I was just wondering if a person could modify a fmj surplus ammo round by removing the tip to make it expandable?? legal/safe/ aerodynamics??


----------



## TN.Frank (Nov 12, 2005)

Most FMJ military ammo is open at the base, by cutting off the nose you'll end up getting the lead core to exit the barrel while sticking the jacket in the barrel, a very dangerous practice. What you can do is get a bullet puller and put the FMJs out of the ammo and replace it with a like weight soft point. Of course most if not all of the military ammo has berdan primed cases so it's a one shot deal. You can buy brass that's boxer primed in most military calibers. Give Graff & Sons a google and check out their web site. I got some good 7.5x55mm Swiss form them.


----------



## Danimal (Sep 9, 2005)

CAUTION if you do decide to pull military bullets.... I've seen older surplus ammo that was SUPPOSED to be FMJ and when we shot it, some were tracers mixed in.


----------



## MossyMO (Feb 12, 2004)

Doesn't all tracer ammo resemble ballistic tip ammo with the colored plastic tip? Much different than full metal jacket, which is solid to the end?

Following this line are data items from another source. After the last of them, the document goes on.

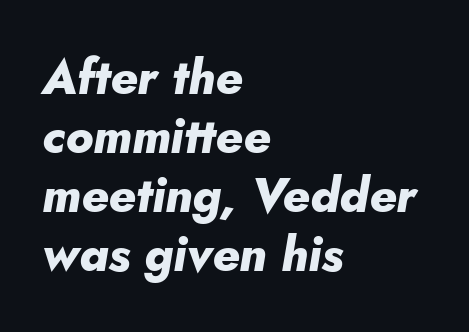
Q: Is the text bold? A: Yes.
Q: Is the text italic (slanted)? A: Yes, it leans right by about 10 degrees.
Q: Is the text underlined? A: No.
Q: How is the paragraph aligned? A: Left-aligned.
Q: Is the spacing between letters normal or unusually wide? A: Normal.
Q: Width (condensed, normal, or wide)? A: Normal.
Q: Stroke contrast? A: Low.
Q: x-height? A: Small.
Q: Monospaced? A: No.
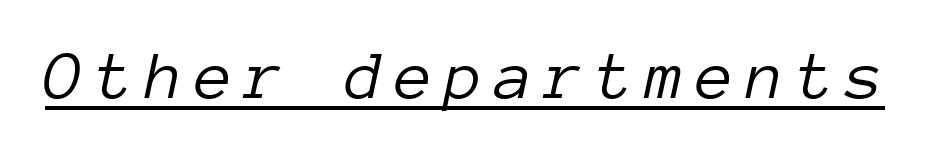
{"italic": "yes", "lean": "right", "slant_degrees": 12, "bold": "no", "weight": "light", "width": "normal", "stroke_contrast": "low", "x_height": "medium", "monospaced": "yes", "underline": "yes", "glyph_px": 69}

I can see mistaken tracer for ballistic; but full metal jacket, soft point and hollow point each have their unmistakeable characteristics. 
Is my thinking wrong here?


----------



## TN.Frank (Nov 12, 2005)

It's not a plastic tip, it's painted to tell what kind of round it is. I know it looks like the Nosler plastic tip ammo but it's not. I'd just get some modern brass, boxer primed cases and handload what ever you'd want before I'd mess with reloading berdan primed military ammo with new bullets.


----------



## Danimal (Sep 9, 2005)

Well, trcers are SUPPOSED to be different.... I guess this maker of this batch of ammo from some 3rd world country didn't understand the basics of QUALITY CONTROL.... The only thing different was the bullet had a more rounded front section.....


----------



## Scooter (Nov 4, 2005)

The paint used on tracers is inbedded with metals such as magnesium in order to produce the light with the bullet travels. The paint and or color coding used is a feature utilized by the U.S. and other Nato countries to identify differnt styles of ammo such as armor piercing, high incinerary, ball and such. But not all counties use color in their bullet coatings for identification purposes so it is wise to handle military surplus ammo with care.


----------



## Plainsman (Jul 30, 2003)

TNFrank

All the military surplus ammo that I have used has boxer primed cases. I reload a thousand rounds a year of military surplus 223. The primers are crimped in so near impossible to get a new primer in. They make a tool that swages the primer pocket open, and another that reams the pocket to SAMI specks. 
One thing to keep in mind with military ammo is that the cases are thicker. The outside dimensions are the same, so this means there is less powder capacity in military cases. Do not load maximum loads in military cases, because you will in reality be going far beyond maximum. In fact the starting load in one of my manuals gives me the same velocity as the maximum load claims to reach.


----------